--- START ---

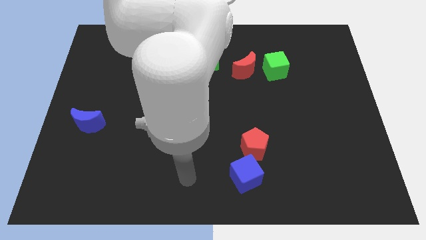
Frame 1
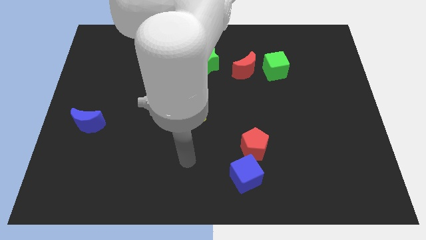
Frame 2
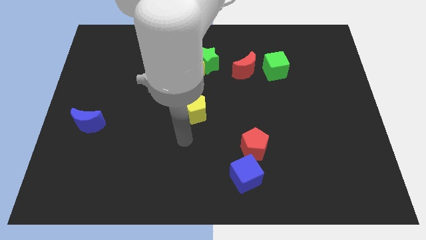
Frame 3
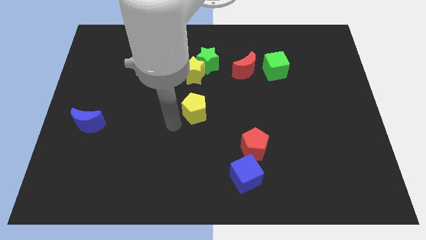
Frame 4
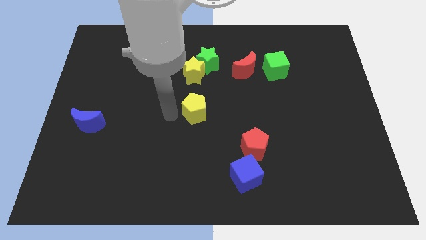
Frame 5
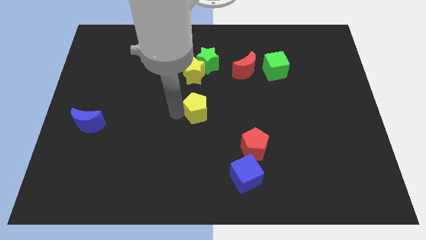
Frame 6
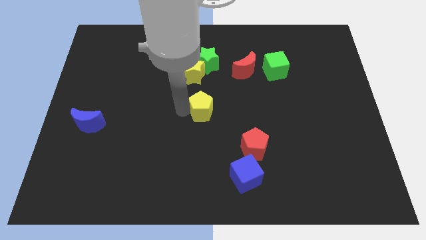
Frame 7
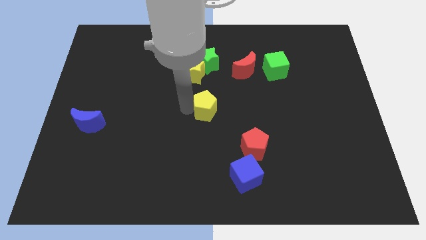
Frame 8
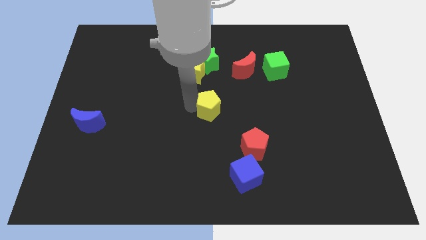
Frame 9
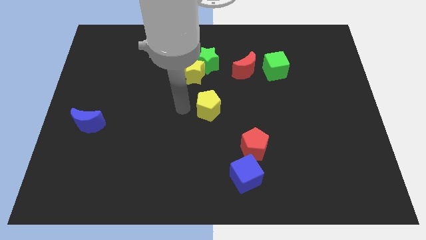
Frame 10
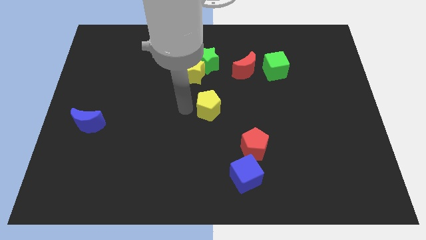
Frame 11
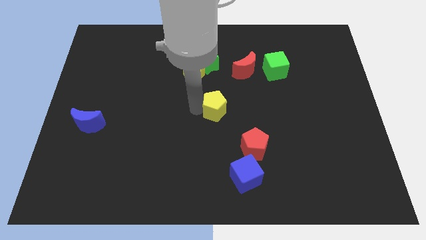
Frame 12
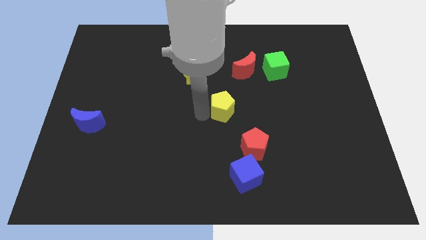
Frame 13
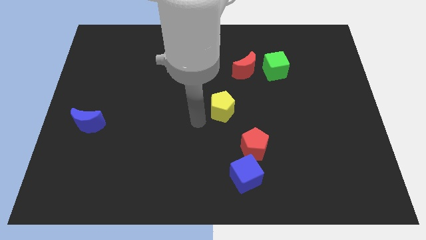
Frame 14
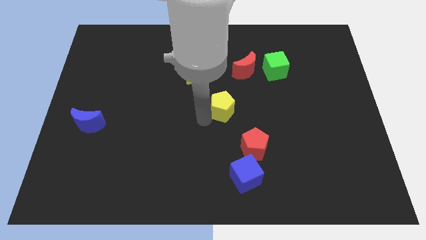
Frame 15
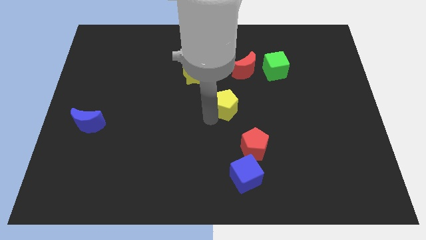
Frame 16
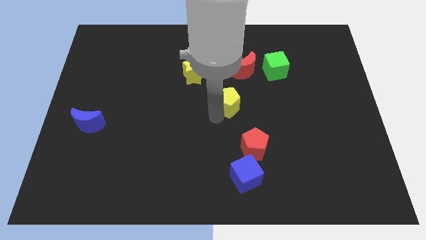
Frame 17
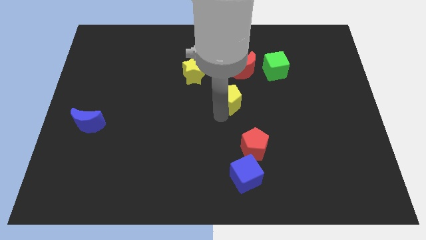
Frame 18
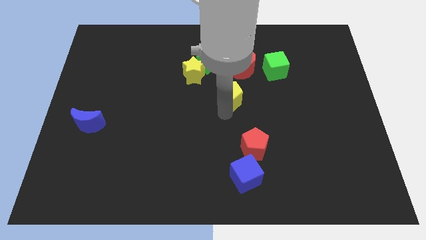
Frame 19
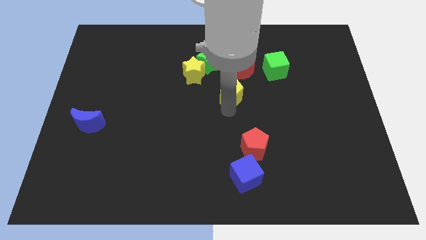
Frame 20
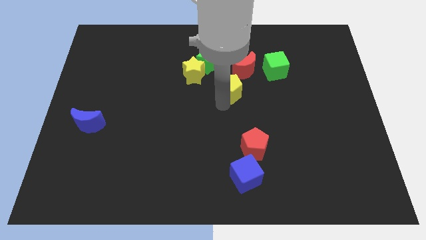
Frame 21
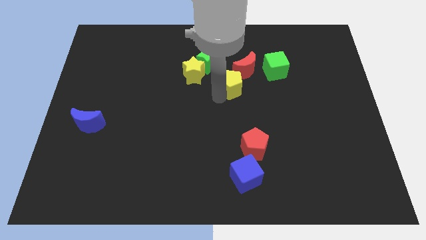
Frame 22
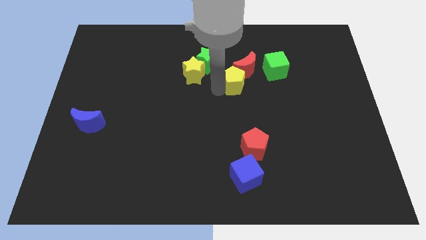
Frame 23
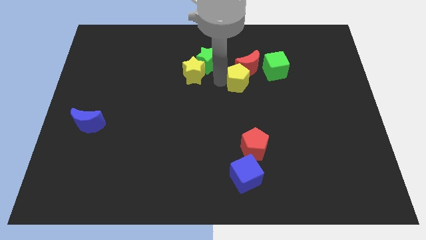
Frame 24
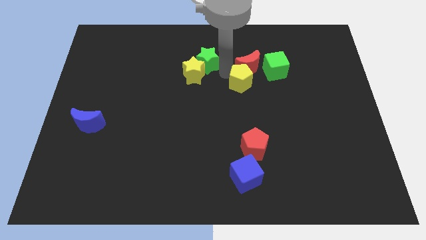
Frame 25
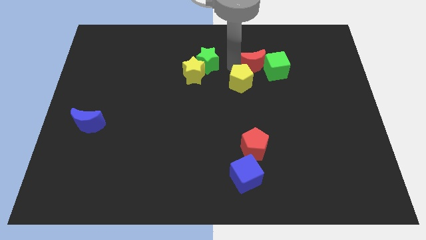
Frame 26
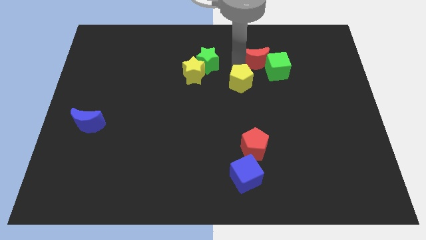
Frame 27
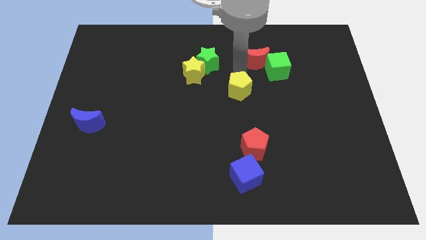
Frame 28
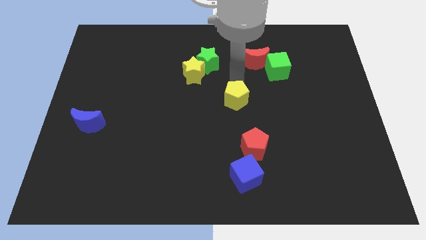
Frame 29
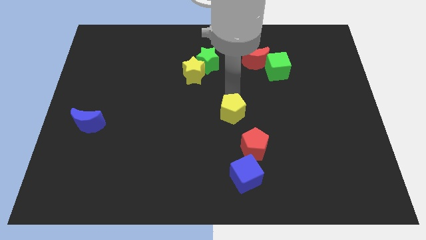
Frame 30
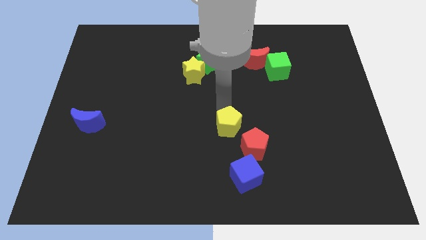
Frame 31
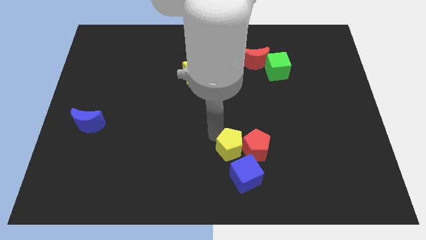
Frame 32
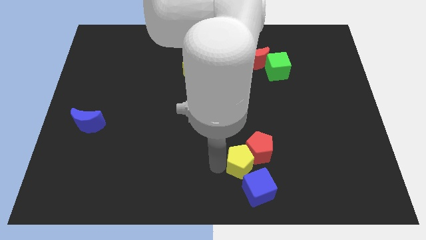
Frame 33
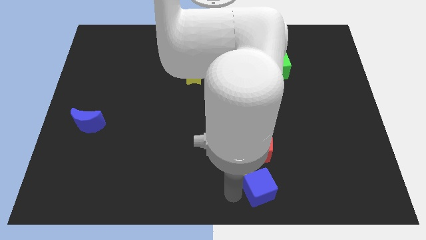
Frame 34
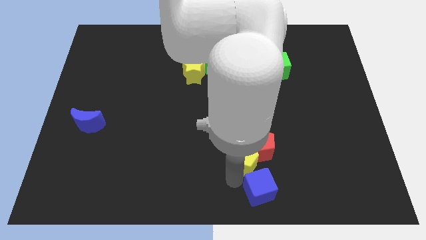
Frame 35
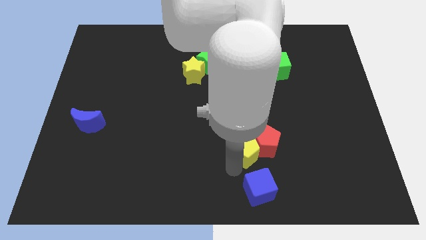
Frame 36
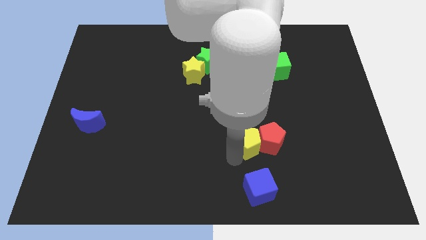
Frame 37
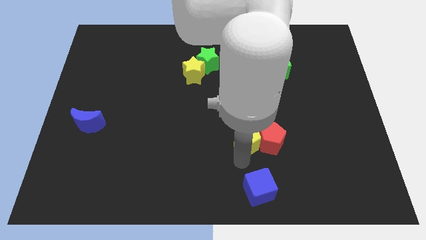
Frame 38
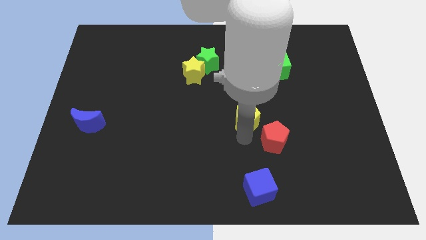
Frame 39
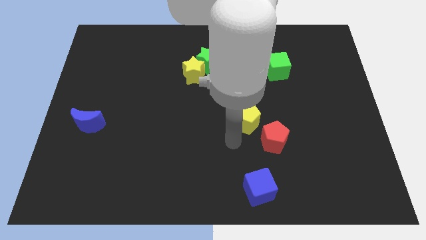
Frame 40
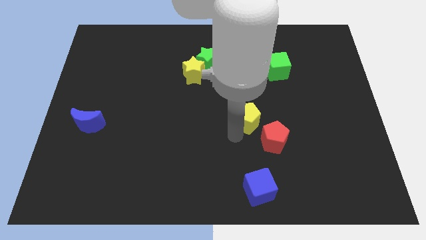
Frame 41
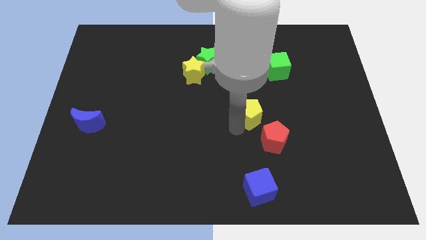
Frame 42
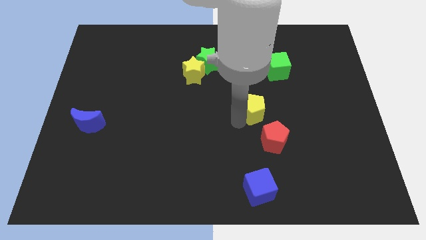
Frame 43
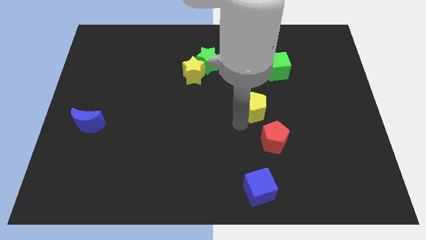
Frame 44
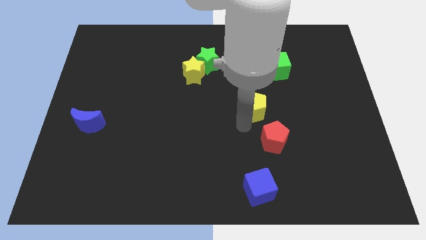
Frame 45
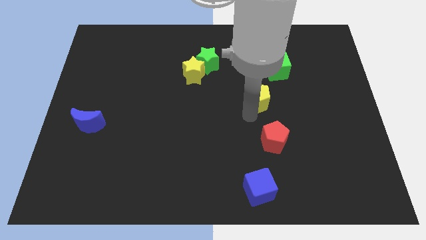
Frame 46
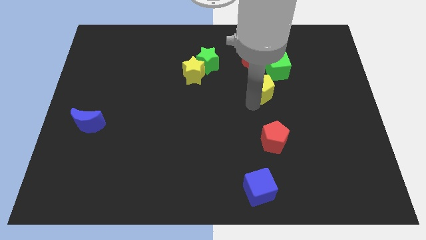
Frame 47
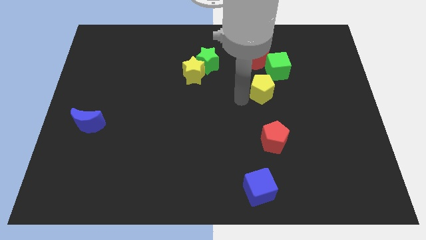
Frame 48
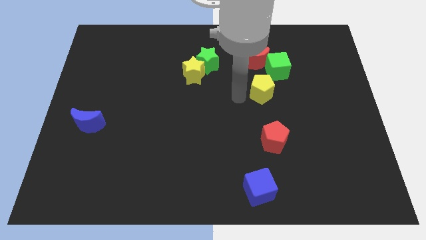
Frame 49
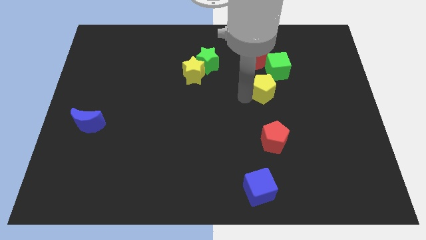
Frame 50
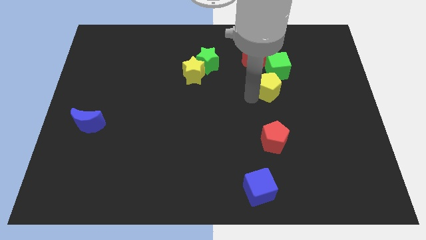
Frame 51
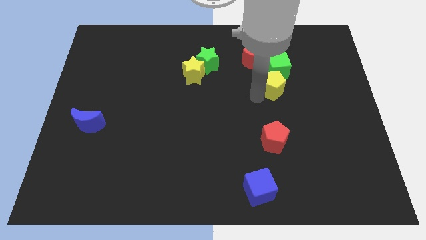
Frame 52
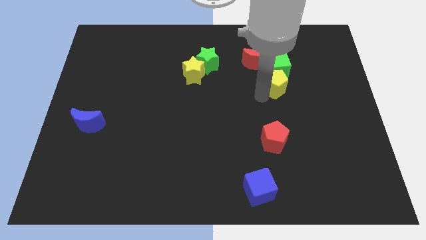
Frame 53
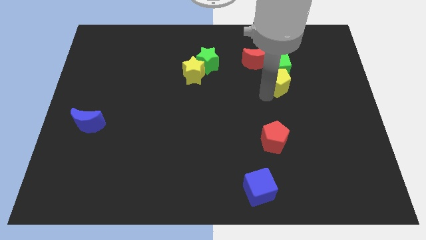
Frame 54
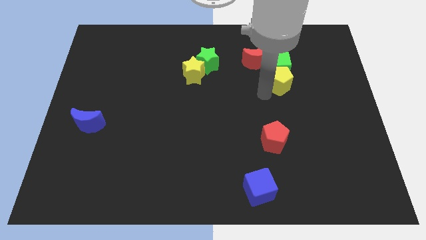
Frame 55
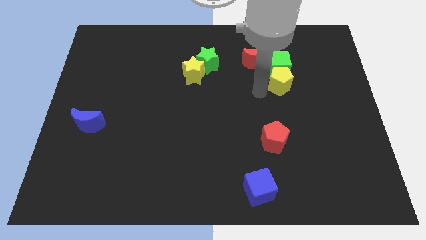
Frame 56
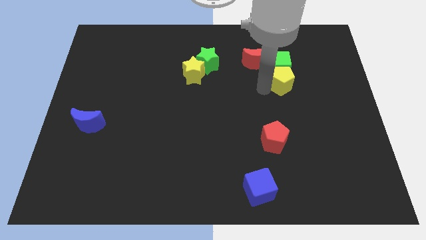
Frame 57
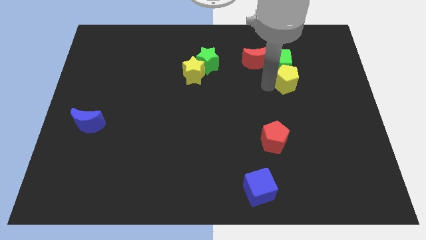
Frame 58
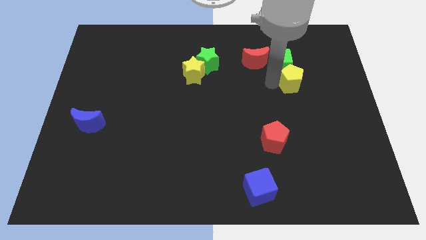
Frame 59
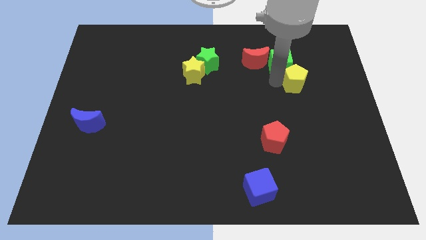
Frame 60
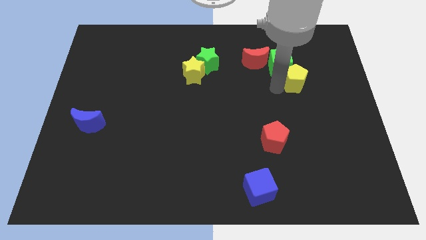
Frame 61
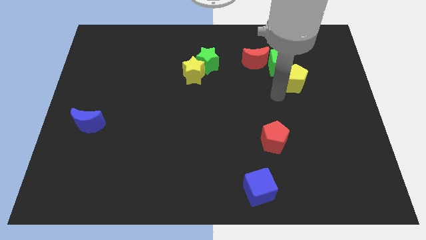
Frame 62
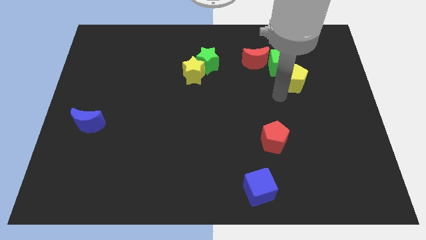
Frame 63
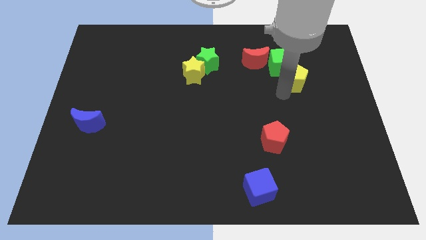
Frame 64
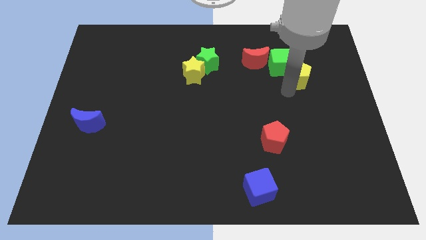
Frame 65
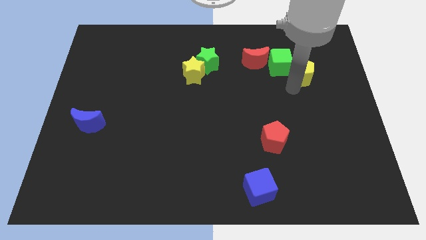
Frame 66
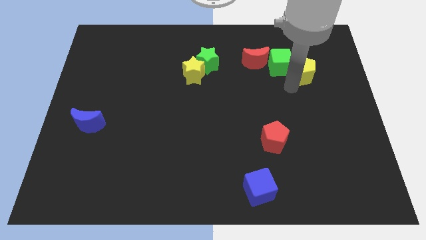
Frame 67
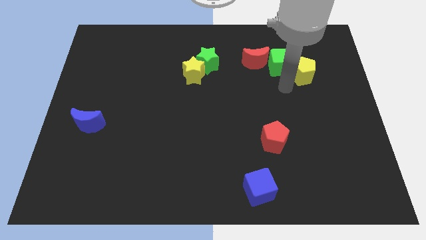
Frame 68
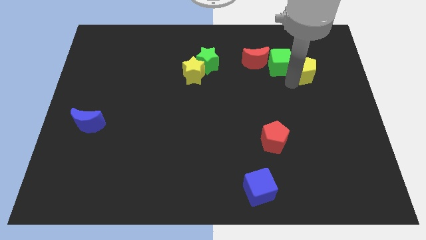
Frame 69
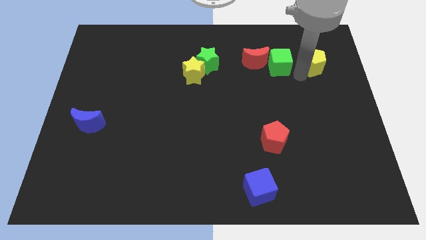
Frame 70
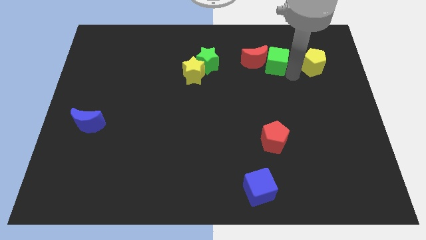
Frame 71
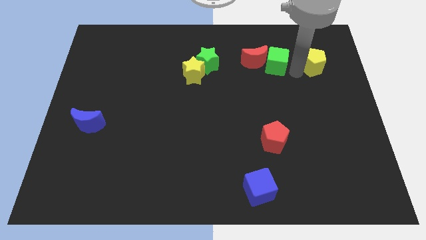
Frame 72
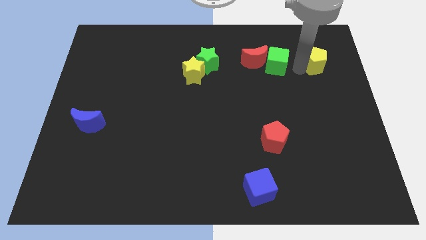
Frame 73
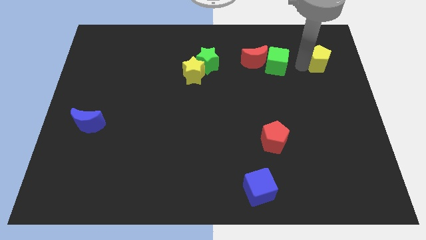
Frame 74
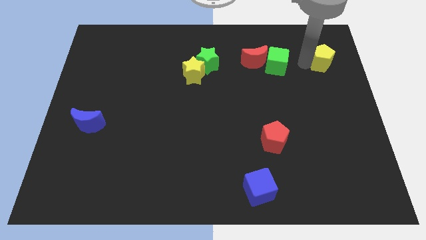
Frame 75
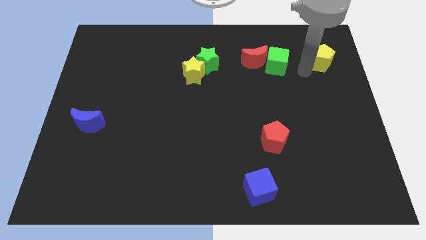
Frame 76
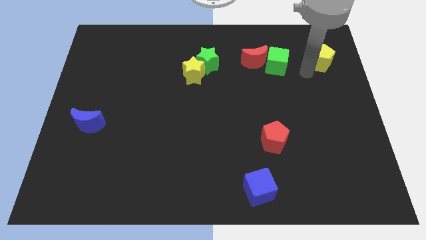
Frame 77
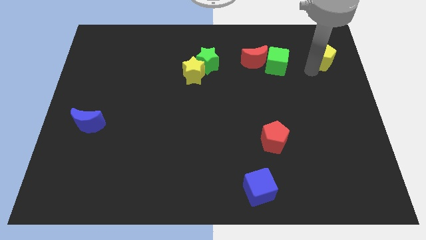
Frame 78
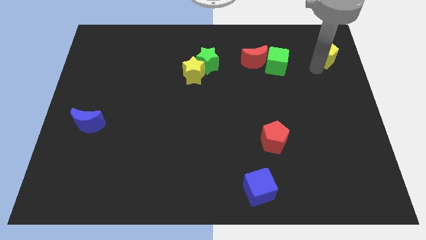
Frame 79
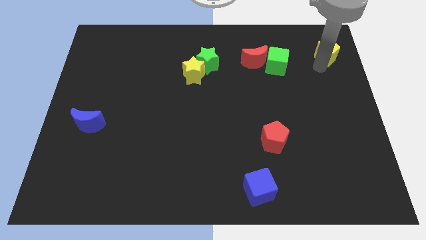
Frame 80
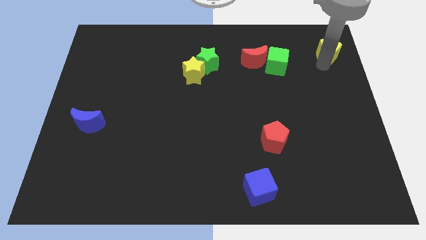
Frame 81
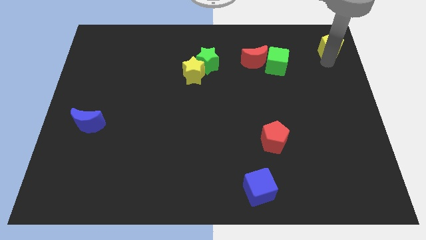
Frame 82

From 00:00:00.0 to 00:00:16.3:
push the yellow pentagon to the upper right corner

--- END ---

WHAT TO DO: Would you reproduce each line of the material exactly, omitting the images?

OUTPUT FOR THIS TASK:
Frame 1
Frame 2
Frame 3
Frame 4
Frame 5
Frame 6
Frame 7
Frame 8
Frame 9
Frame 10
Frame 11
Frame 12
Frame 13
Frame 14
Frame 15
Frame 16
Frame 17
Frame 18
Frame 19
Frame 20
Frame 21
Frame 22
Frame 23
Frame 24
Frame 25
Frame 26
Frame 27
Frame 28
Frame 29
Frame 30
Frame 31
Frame 32
Frame 33
Frame 34
Frame 35
Frame 36
Frame 37
Frame 38
Frame 39
Frame 40
Frame 41
Frame 42
Frame 43
Frame 44
Frame 45
Frame 46
Frame 47
Frame 48
Frame 49
Frame 50
Frame 51
Frame 52
Frame 53
Frame 54
Frame 55
Frame 56
Frame 57
Frame 58
Frame 59
Frame 60
Frame 61
Frame 62
Frame 63
Frame 64
Frame 65
Frame 66
Frame 67
Frame 68
Frame 69
Frame 70
Frame 71
Frame 72
Frame 73
Frame 74
Frame 75
Frame 76
Frame 77
Frame 78
Frame 79
Frame 80
Frame 81
Frame 82

From 00:00:00.0 to 00:00:16.3:
push the yellow pentagon to the upper right corner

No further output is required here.